13 Replies to “Sound Transit: Slower Bus Rollout, More Riders”

  1. Unless I’m mistaken, I think productivity per operating hour wouldn’t have been any different.

    I believe only two of the trains return to Tacoma for a second run in the morning – the two used for reverse trips. I don’t think any trains have been running a non-revenue return, they were just started to add more peak-direction service.

    1. If you add a revenue hour for a reverse trip, and no one rides it, that reduces the average number of riders per revenue hour.

      1. It also raises the “cost per passenger”, when in fact, the costs per passenger in the non-reverse trip may have not changed.

      2. They have indeed changed – in order to serve that new trip, we need to return a train to the other end of the line. That’s a cost!

      3. You know I understand that…

        It’s this that I’m responding to: “I’m not really sure why ST doesn’t also track productivity per operating hour as well as revenue hour, since that would correct these kind of metric-related problems.”
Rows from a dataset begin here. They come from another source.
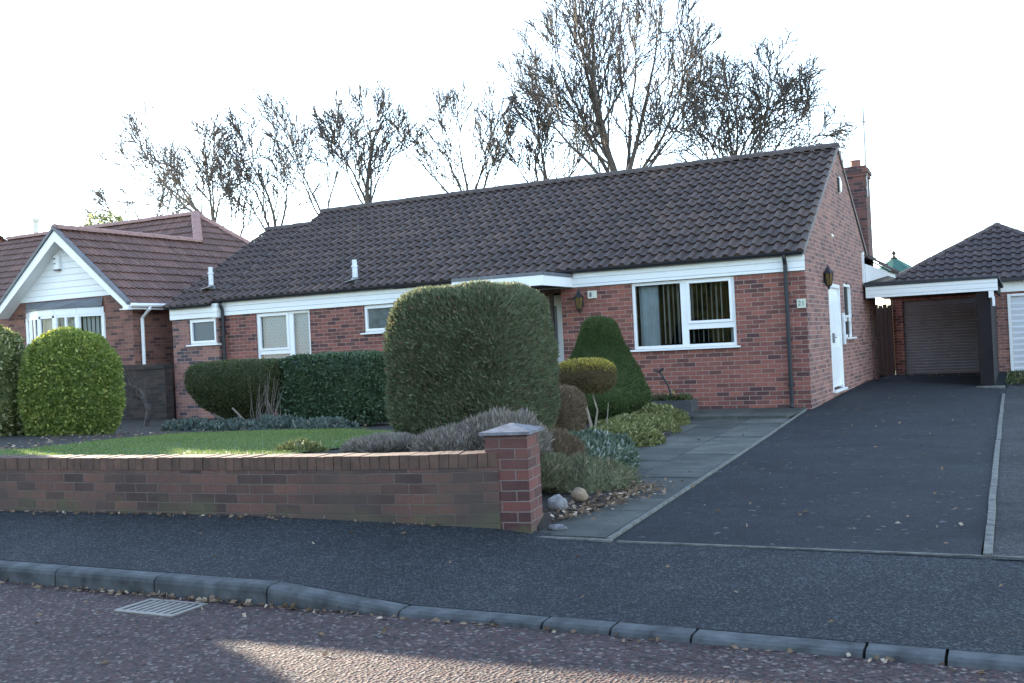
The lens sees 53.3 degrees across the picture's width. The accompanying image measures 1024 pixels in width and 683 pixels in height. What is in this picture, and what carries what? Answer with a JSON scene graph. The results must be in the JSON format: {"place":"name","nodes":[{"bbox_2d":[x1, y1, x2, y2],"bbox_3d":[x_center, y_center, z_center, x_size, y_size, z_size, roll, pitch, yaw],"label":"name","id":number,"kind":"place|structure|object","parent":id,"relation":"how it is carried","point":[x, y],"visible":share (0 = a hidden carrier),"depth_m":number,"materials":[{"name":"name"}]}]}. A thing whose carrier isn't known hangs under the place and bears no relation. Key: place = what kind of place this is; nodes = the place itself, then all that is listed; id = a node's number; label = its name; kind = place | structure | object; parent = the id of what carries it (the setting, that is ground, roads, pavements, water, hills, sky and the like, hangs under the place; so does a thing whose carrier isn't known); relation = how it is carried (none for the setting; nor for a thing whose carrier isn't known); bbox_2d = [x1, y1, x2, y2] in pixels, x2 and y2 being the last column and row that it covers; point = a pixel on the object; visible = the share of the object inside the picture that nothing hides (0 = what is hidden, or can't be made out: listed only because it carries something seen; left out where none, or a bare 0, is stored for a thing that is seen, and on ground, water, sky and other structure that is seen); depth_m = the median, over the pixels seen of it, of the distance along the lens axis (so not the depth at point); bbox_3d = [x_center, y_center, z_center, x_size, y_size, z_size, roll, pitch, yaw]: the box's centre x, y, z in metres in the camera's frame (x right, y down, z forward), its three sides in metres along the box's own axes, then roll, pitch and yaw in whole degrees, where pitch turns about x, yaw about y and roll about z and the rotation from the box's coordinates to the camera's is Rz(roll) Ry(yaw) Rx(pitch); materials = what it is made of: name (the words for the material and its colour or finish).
{"place":"outdoors","nodes":[
{"label":"outdoors","id":0,"kind":"place"},
{"bbox_2d":[0,235,5,242],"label":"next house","id":1,"kind":"structure","parent":0,"point":[2,239],"depth_m":41.66,"materials":[{"name":"brown tile"}]},
{"bbox_2d":[0,428,392,454],"bbox_3d":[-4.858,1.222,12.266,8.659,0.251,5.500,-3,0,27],"label":"lawn","id":2,"kind":"structure","parent":0,"point":[189,447],"depth_m":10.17,"materials":[{"name":"plant"}]},
{"bbox_2d":[0,415,794,529],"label":"garden soil","id":3,"kind":"structure","parent":0,"point":[136,426],"depth_m":13.44,"materials":[{"name":"brown soil"}]},
{"bbox_2d":[0,324,26,435],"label":"variegated shrub","id":4,"kind":"object","parent":3,"relation":"on","point":[12,347],"visible":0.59,"depth_m":15.63,"materials":[{"name":"green plant"}]},
{"bbox_2d":[16,326,126,435],"bbox_3d":[-6.765,0.734,15.683,1.525,1.989,1.475,-3,0,27],"label":"round bush","id":5,"kind":"object","parent":3,"relation":"on","point":[71,380],"visible":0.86,"depth_m":15.19,"materials":[{"name":"green plant"}]},
{"bbox_2d":[124,366,152,425],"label":"dead shrub","id":6,"kind":"object","parent":3,"relation":"on","point":[145,401],"visible":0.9,"depth_m":20.13,"materials":[{"name":"brown plant"}]},
{"bbox_2d":[159,416,209,430],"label":"ground plant","id":7,"kind":"object","parent":3,"relation":"on","point":[183,424],"visible":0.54,"depth_m":17.01,"materials":[{"name":"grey plant"}]},
{"bbox_2d":[191,416,251,430],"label":"ground plant","id":8,"kind":"object","parent":3,"relation":"on","point":[230,424],"visible":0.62,"depth_m":16.42,"materials":[{"name":"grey plant"}]},
{"bbox_2d":[184,357,289,419],"bbox_3d":[-4.651,0.934,17.646,2.065,1.307,1.075,-3,0,27],"label":"box hedge","id":9,"kind":"object","parent":3,"relation":"on","point":[220,389],"visible":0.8,"depth_m":17.24,"materials":[{"name":"green plant"}]},
{"bbox_2d":[249,371,283,420],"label":"bare twigs","id":10,"kind":"object","parent":3,"relation":"on","point":[266,390],"visible":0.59,"depth_m":16.80,"materials":[{"name":"brown plant"}]},
{"bbox_2d":[239,412,304,430],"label":"ground plant","id":11,"kind":"object","parent":3,"relation":"on","point":[272,422],"visible":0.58,"depth_m":15.98,"materials":[{"name":"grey plant"}]},
{"bbox_2d":[274,437,330,452],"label":"creeping plant","id":12,"kind":"object","parent":3,"relation":"on","point":[299,444],"visible":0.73,"depth_m":8.94,"materials":[{"name":"green plant"}]},
{"bbox_2d":[286,415,361,429],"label":"ground plant","id":13,"kind":"object","parent":3,"relation":"on","point":[336,422],"visible":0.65,"depth_m":15.39,"materials":[{"name":"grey plant"}]},
{"bbox_2d":[275,349,395,425],"bbox_3d":[-2.914,0.781,17.102,2.149,1.281,1.131,-3,0,27],"label":"holly hedge","id":14,"kind":"object","parent":3,"relation":"on","point":[350,386],"visible":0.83,"depth_m":16.59,"materials":[{"name":"green plant"}]},
{"bbox_2d":[339,431,416,452],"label":"heather","id":15,"kind":"object","parent":3,"relation":"on","point":[388,442],"visible":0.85,"depth_m":8.75,"materials":[{"name":"grey plant"}]},
{"bbox_2d":[407,422,484,451],"bbox_3d":[-0.449,0.849,8.634,0.868,0.361,0.876,-3,0,27],"label":"heather","id":16,"kind":"object","parent":3,"relation":"on","point":[446,438],"visible":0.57,"depth_m":8.36,"materials":[{"name":"grey plant"}]},
{"bbox_2d":[382,279,561,435],"bbox_3d":[-0.401,0.269,10.682,1.630,1.790,1.548,-3,0,27],"label":"clipped conifer","id":17,"kind":"object","parent":3,"relation":"on","point":[457,353],"visible":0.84,"depth_m":10.11,"materials":[{"name":"green plant"}]},
{"bbox_2d":[454,406,555,455],"bbox_3d":[-0.109,0.854,8.648,0.957,0.643,0.956,-3,0,27],"label":"heather","id":18,"kind":"object","parent":3,"relation":"on","point":[485,421],"visible":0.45,"depth_m":8.51,"materials":[{"name":"grey plant"}]},
{"bbox_2d":[479,423,543,533],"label":"gate pier","id":19,"kind":"structure","parent":3,"relation":"on","point":[515,447],"depth_m":7.25,"materials":[{"name":"brick"}]},
{"bbox_2d":[540,450,574,490],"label":"heather","id":20,"kind":"object","parent":3,"relation":"on","point":[556,468],"visible":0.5,"depth_m":8.46,"materials":[{"name":"green plant"}]},
{"bbox_2d":[547,494,567,509],"bbox_3d":[0.353,1.251,7.852,0.168,0.148,0.140,-3,0,27],"label":"rock","id":21,"kind":"object","parent":3,"relation":"on","point":[560,500],"visible":0.77,"depth_m":7.81,"materials":[{"name":"grey stone"}]},
{"bbox_2d":[544,426,588,457],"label":"heather","id":22,"kind":"object","parent":3,"relation":"on","point":[565,442],"visible":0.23,"depth_m":9.52,"materials":[{"name":"brown plant"}]},
{"bbox_2d":[552,384,587,431],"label":"brown shrub","id":23,"kind":"object","parent":3,"relation":"on","point":[572,413],"visible":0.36,"depth_m":11.87,"materials":[{"name":"brown plant"}]},
{"bbox_2d":[571,487,588,501],"bbox_3d":[0.535,1.221,8.131,0.143,0.122,0.113,-3,0,27],"label":"rock","id":24,"kind":"object","parent":3,"relation":"on","point":[578,494],"visible":1,"depth_m":8.10,"materials":[{"name":"beige stone"}]},
{"bbox_2d":[558,357,617,426],"bbox_3d":[0.989,0.736,13.575,0.845,1.069,0.810,-3,0,27],"label":"topiary shrub","id":25,"kind":"object","parent":3,"relation":"on","point":[590,375],"visible":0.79,"depth_m":13.30,"materials":[{"name":"green plant"}]},
{"bbox_2d":[542,451,643,493],"bbox_3d":[0.664,1.231,9.045,0.957,0.525,1.144,-3,0,27],"label":"creeping plant","id":26,"kind":"object","parent":3,"relation":"on","point":[593,475],"visible":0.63,"depth_m":8.74,"materials":[{"name":"green plant"}]},
{"bbox_2d":[567,428,636,448],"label":"creeping plant","id":27,"kind":"object","parent":3,"relation":"on","point":[600,433],"visible":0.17,"depth_m":11.41,"materials":[{"name":"green plant"}]},
{"bbox_2d":[577,435,641,467],"bbox_3d":[0.830,1.217,10.577,1.005,0.472,1.254,-3,0,27],"label":"creeping plant","id":28,"kind":"object","parent":3,"relation":"on","point":[604,448],"visible":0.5,"depth_m":10.39,"materials":[{"name":"green plant"}]},
{"bbox_2d":[568,315,652,422],"bbox_3d":[1.391,0.440,15.825,1.526,1.717,1.510,-3,0,27],"label":"cone conifer","id":29,"kind":"object","parent":3,"relation":"on","point":[598,336],"visible":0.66,"depth_m":15.46,"materials":[{"name":"green plant"}]},
{"bbox_2d":[584,421,665,446],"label":"creeping plant","id":30,"kind":"object","parent":3,"relation":"on","point":[641,434],"visible":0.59,"depth_m":12.60,"materials":[{"name":"green plant"}]},
{"bbox_2d":[592,412,682,432],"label":"creeping plant","id":31,"kind":"object","parent":3,"relation":"on","point":[662,422],"visible":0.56,"depth_m":14.02,"materials":[{"name":"green plant"}]},
{"bbox_2d":[630,402,690,425],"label":"creeping plant","id":32,"kind":"object","parent":3,"relation":"on","point":[681,416],"visible":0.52,"depth_m":15.08,"materials":[{"name":"green plant"}]},
{"bbox_2d":[0,511,1023,654],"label":"pavement","id":33,"kind":"structure","parent":0,"point":[965,604],"depth_m":6.11,"materials":[{"name":"grey asphalt"}]},
{"bbox_2d":[617,540,1023,557],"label":"threshold strip","id":34,"kind":"object","parent":33,"relation":"on","point":[794,548],"visible":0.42,"depth_m":6.32,"materials":[{"name":"concrete"}]},
{"bbox_2d":[0,582,1023,682],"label":"road","id":35,"kind":"structure","parent":0,"point":[68,639],"depth_m":5.01,"materials":[{"name":"grey asphalt"}]},
{"bbox_2d":[113,598,207,617],"bbox_3d":[-2.118,1.617,6.151,0.476,0.036,0.300,-3,0,27],"label":"drain grate","id":36,"kind":"object","parent":35,"relation":"on","point":[164,608],"visible":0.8,"depth_m":6.14,"materials":[{"name":"metal"}]},
{"bbox_2d":[0,372,1002,681],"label":"fallen leaves","id":37,"kind":"object","parent":35,"relation":"on","point":[566,514],"visible":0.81,"depth_m":7.63,"materials":[{"name":"brown plant"}]},
{"bbox_2d":[0,0,1023,306],"label":"sky","id":38,"kind":"structure","parent":0,"point":[938,84],"materials":[{"name":"white"}]},
{"bbox_2d":[5,524,1023,665],"bbox_3d":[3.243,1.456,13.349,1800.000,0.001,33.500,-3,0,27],"label":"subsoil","id":39,"kind":"structure","parent":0,"point":[867,643],"depth_m":6.00,"materials":[{"name":"soil"}]},
{"bbox_2d":[115,363,173,419],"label":"dividing wall","id":40,"kind":"structure","parent":39,"relation":"on","point":[159,379],"depth_m":22.73,"materials":[{"name":"brick"}]},
{"bbox_2d":[0,450,500,528],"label":"garden wall","id":41,"kind":"structure","parent":39,"relation":"on","point":[451,488],"depth_m":7.78,"materials":[{"name":"brick"}]},
{"bbox_2d":[0,560,1023,672],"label":"kerb","id":42,"kind":"structure","parent":39,"relation":"on","point":[257,591],"depth_m":5.65,"materials":[{"name":"concrete"}]},
{"bbox_2d":[538,409,806,541],"bbox_3d":[2.719,1.326,11.732,0.620,0.296,10.551,-3,0,26],"label":"path edging","id":43,"kind":"object","parent":39,"relation":"on","point":[610,538],"visible":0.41,"depth_m":8.31,"materials":[{"name":"concrete"}]},
{"bbox_2d":[983,393,1004,555],"bbox_3d":[5.989,1.199,12.519,0.059,0.234,14.695,-3,0,26],"label":"drive edging","id":44,"kind":"object","parent":39,"relation":"on","point":[989,537],"visible":0.73,"depth_m":7.98,"materials":[{"name":"concrete"}]},
{"bbox_2d":[537,407,806,538],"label":"path","id":45,"kind":"structure","parent":0,"point":[675,458],"depth_m":11.36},
{"bbox_2d":[547,524,567,529],"bbox_3d":[0.328,1.341,7.345,0.167,0.058,0.069,-3,0,27],"label":"stone","id":46,"kind":"object","parent":45,"relation":"on","point":[556,526],"visible":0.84,"depth_m":7.32,"materials":[{"name":"grey stone"}]},
{"bbox_2d":[651,367,697,412],"bbox_3d":[2.638,0.805,17.110,0.840,0.754,0.400,-3,0,27],"label":"trough planter","id":47,"kind":"object","parent":45,"relation":"on","point":[686,402],"visible":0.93,"depth_m":16.96,"materials":[{"name":"stone"}]},
{"bbox_2d":[613,372,1008,558],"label":"driveway","id":48,"kind":"structure","parent":0,"point":[891,479],"depth_m":9.10,"materials":[{"name":"grey asphalt"}]},
{"bbox_2d":[864,276,1004,388],"bbox_3d":[10.171,-0.192,24.189,2.710,2.430,5.750,-3,0,27],"label":"carport","id":49,"kind":"object","parent":48,"relation":"on","point":[984,289],"visible":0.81,"depth_m":21.73,"materials":[{"name":"wood"}]},
{"bbox_2d":[993,382,1023,559],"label":"neighbour driveway","id":50,"kind":"structure","parent":0,"point":[1009,531],"depth_m":8.58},
{"bbox_2d":[1004,369,1023,384],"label":"weeds","id":51,"kind":"object","parent":50,"relation":"on","point":[1016,376],"visible":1,"depth_m":23.05,"materials":[{"name":"green plant"}]},
{"label":"back yard","id":52,"kind":"structure","parent":0,"visible":0},
{"bbox_2d":[0,210,250,417],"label":"neighbour bungalow","id":53,"kind":"object","parent":52,"relation":"on","point":[118,285],"visible":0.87,"depth_m":24.25,"materials":[{"name":"brick"}]},
{"bbox_2d":[26,306,105,344],"bbox_3d":[-10.659,-0.015,23.997,2.659,1.475,0.661,-3,0,27],"label":"bow window","id":54,"kind":"structure","parent":53,"relation":"in","point":[38,322],"depth_m":23.69,"materials":[{"name":"white plastic"}]},
{"bbox_2d":[213,157,263,236],"bbox_3d":[-10.017,-2.356,37.675,2.644,8.872,1.241,-3,0,44],"label":"bare tree","id":55,"kind":"object","parent":52,"relation":"on","point":[229,193],"visible":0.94,"depth_m":37.69,"materials":[{"name":"brown plant"}]},
{"bbox_2d":[162,108,898,418],"bbox_3d":[0.405,-1.689,22.853,14.584,6.650,9.765,-3,0,27],"label":"bungalow","id":56,"kind":"object","parent":52,"relation":"on","point":[735,281],"visible":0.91,"depth_m":20.17,"materials":[{"name":"brick"}]},
{"bbox_2d":[186,318,221,346],"bbox_3d":[-6.780,-0.205,22.405,0.910,0.598,0.160,-3,0,27],"label":"window","id":57,"kind":"structure","parent":56,"relation":"in","point":[202,331],"depth_m":22.43,"materials":[{"name":"white plastic"}]},
{"bbox_2d":[256,310,310,358],"bbox_3d":[-4.803,0.052,21.642,1.440,1.378,0.118,-3,0,27],"label":"window","id":58,"kind":"structure","parent":56,"relation":"in","point":[286,333],"depth_m":21.71,"materials":[{"name":"white plastic"}]},
{"bbox_2d":[360,303,394,334],"bbox_3d":[-2.450,-0.464,20.392,1.330,0.590,0.160,-3,0,27],"label":"window","id":59,"kind":"structure","parent":56,"relation":"in","point":[376,316],"depth_m":20.56,"materials":[{"name":"white plastic"}]},
{"bbox_2d":[544,295,563,363],"bbox_3d":[0.678,0.175,20.105,0.970,2.133,0.075,-3,0,27],"label":"front door","id":60,"kind":"structure","parent":56,"relation":"in","point":[557,298],"depth_m":19.96,"materials":[{"name":"white plastic"}]},
{"bbox_2d":[630,276,740,351],"bbox_3d":[3.009,-0.468,17.754,1.960,1.217,0.350,-3,0,27],"label":"window","id":61,"kind":"structure","parent":56,"relation":"in","point":[648,291],"depth_m":17.79,"materials":[{"name":"white plastic"}]},
{"bbox_2d":[828,284,847,392],"bbox_3d":[6.093,-0.076,19.161,0.164,2.014,1.340,-3,0,27],"label":"side door","id":62,"kind":"structure","parent":56,"relation":"in","point":[834,291],"depth_m":19.27,"materials":[{"name":"white plastic"}]},
{"bbox_2d":[843,283,856,338],"bbox_3d":[6.796,-0.617,20.661,0.160,1.129,1.150,-3,0,27],"label":"window","id":63,"kind":"structure","parent":56,"relation":"in","point":[849,315],"depth_m":21.04,"materials":[{"name":"white plastic"}]},
{"bbox_2d":[876,300,895,377],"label":"side gate","id":64,"kind":"structure","parent":52,"relation":"on","point":[885,334],"depth_m":27.40,"materials":[{"name":"brown wood"}]},
{"label":"ground","id":65,"kind":"structure","parent":0,"visible":0},
{"bbox_2d":[78,210,125,225],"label":"ivy bush","id":66,"kind":"object","parent":65,"relation":"on","point":[102,219],"visible":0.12,"depth_m":45.54,"materials":[{"name":"green plant"}]},
{"bbox_2d":[79,165,198,221],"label":"bare tree","id":67,"kind":"object","parent":65,"relation":"on","point":[99,197],"visible":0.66,"depth_m":47.81,"materials":[{"name":"brown plant"}]},
{"bbox_2d":[92,95,259,221],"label":"bare tree","id":68,"kind":"object","parent":65,"relation":"on","point":[177,164],"visible":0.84,"depth_m":40.72,"materials":[{"name":"brown plant"}]},
{"bbox_2d":[201,102,330,228],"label":"bare tree","id":69,"kind":"object","parent":65,"relation":"on","point":[260,175],"visible":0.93,"depth_m":40.07,"materials":[{"name":"brown plant"}]},
{"bbox_2d":[231,79,377,214],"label":"bare tree","id":70,"kind":"object","parent":65,"relation":"on","point":[274,112],"visible":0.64,"depth_m":43.09,"materials":[{"name":"brown plant"}]},
{"bbox_2d":[301,72,428,203],"bbox_3d":[-5.481,-4.439,40.010,5.525,12.604,3.271,-3,0,27],"label":"bare tree","id":71,"kind":"object","parent":65,"relation":"on","point":[370,169],"visible":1,"depth_m":39.90,"materials":[{"name":"brown plant"}]},
{"bbox_2d":[383,74,523,192],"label":"bare tree","id":72,"kind":"object","parent":65,"relation":"on","point":[447,98],"visible":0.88,"depth_m":42.00,"materials":[{"name":"brown plant"}]},
{"bbox_2d":[469,71,612,181],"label":"bare tree","id":73,"kind":"object","parent":65,"relation":"on","point":[528,113],"visible":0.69,"depth_m":40.05,"materials":[{"name":"brown plant"}]},
{"bbox_2d":[489,0,733,173],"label":"bare tree","id":74,"kind":"object","parent":65,"relation":"on","point":[590,68],"visible":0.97,"depth_m":35.90,"materials":[{"name":"brown plant"}]},
{"bbox_2d":[643,22,860,163],"bbox_3d":[8.138,-4.458,34.376,7.170,11.255,4.471,-3,0,27],"label":"bare tree","id":75,"kind":"object","parent":65,"relation":"on","point":[793,85],"visible":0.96,"depth_m":33.73,"materials":[{"name":"brown plant"}]},
{"bbox_2d":[879,251,911,369],"bbox_3d":[13.159,-1.095,34.899,2.864,4.040,2.864,-3,0,-41],"label":"gazebo","id":76,"kind":"object","parent":65,"relation":"on","point":[894,262],"visible":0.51,"depth_m":34.51,"materials":[{"name":"green metal"}]},
{"bbox_2d":[883,222,1023,374],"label":"garage block","id":77,"kind":"structure","parent":65,"relation":"on","point":[935,335],"depth_m":26.94,"materials":[{"name":"brick"}]},
{"bbox_2d":[902,297,979,373],"bbox_3d":[11.413,-0.150,26.907,2.000,1.970,0.020,-3,0,27],"label":"garage door","id":78,"kind":"structure","parent":77,"relation":"in","point":[941,335],"depth_m":26.94,"materials":[{"name":"brown metal"}]},
{"bbox_2d":[1007,293,1023,371],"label":"garage door","id":79,"kind":"structure","parent":77,"relation":"in","point":[1015,302],"depth_m":26.13,"materials":[{"name":"white plastic"}]}
]}

        I’m pointing out that productivity per operating hour and productivity per revenue hour are nearly identical. I don’t think this would be a significant difference.

      4. Ben,

        The point is that the train is going back to Tacoma anyway, so it’s an operating hour whether or not there are passengers. When you count only revenue hours, the metrics tell you that having a reverse-peak trip is bad; when you count operating hours, it becomes clear that allowing passengers on the reverse-peak trip makes sense.

  2. What about Metro’s September changes? This thread says they were likely to reinstate an anemic 42, leave the 39 on minimal life support, re-add the VA hospital red carpet, and not improve the 9, but I never saw anything on the final decision.

      1. Which is really annoying. A handful of whiny transit users held the entire SE service plan hostage so they could have door-to-door service.

        The service plan really should have had much better service on the 39 and the Rainer Valley/West Seattle route. Metro’s routes that connect destinations without going through downtown tend to have pretty good ridership.

      2. I always wondered why the 42 existed. Who would take a diesel bus running every half hour when there was a trolley bus ten blocks away running more frequently. Especially when MLK didn’t have much there until the last few years. Well, now we know.

        Although I must say, I did feel for the woman in Rainier View who bought her house in the 1950s and lives at the end of the 42 line. She made a commitment to the Valley even though it wasn’t the most prestigious place to live during the intervening years, and has been a long-term bus rider. Hopefully the 107 will be good to her.

      3. 10 blocks is a long way. Plus, the 7 is the about the slowest ride you can imagine.

  3. Roughly right now, the first SEA-TAC reverse avg. 120-150 passengers a day and the second SEA-TAC is roughly 60-100 passengers a day. The afternoon reverse trains are nearly the 200 passenger a day range. The schedule for reverse doesn’t really fit most people’s commuting habits and there is virtually no traffic for reverse commuters which also explains why driving is the more popular and faster option.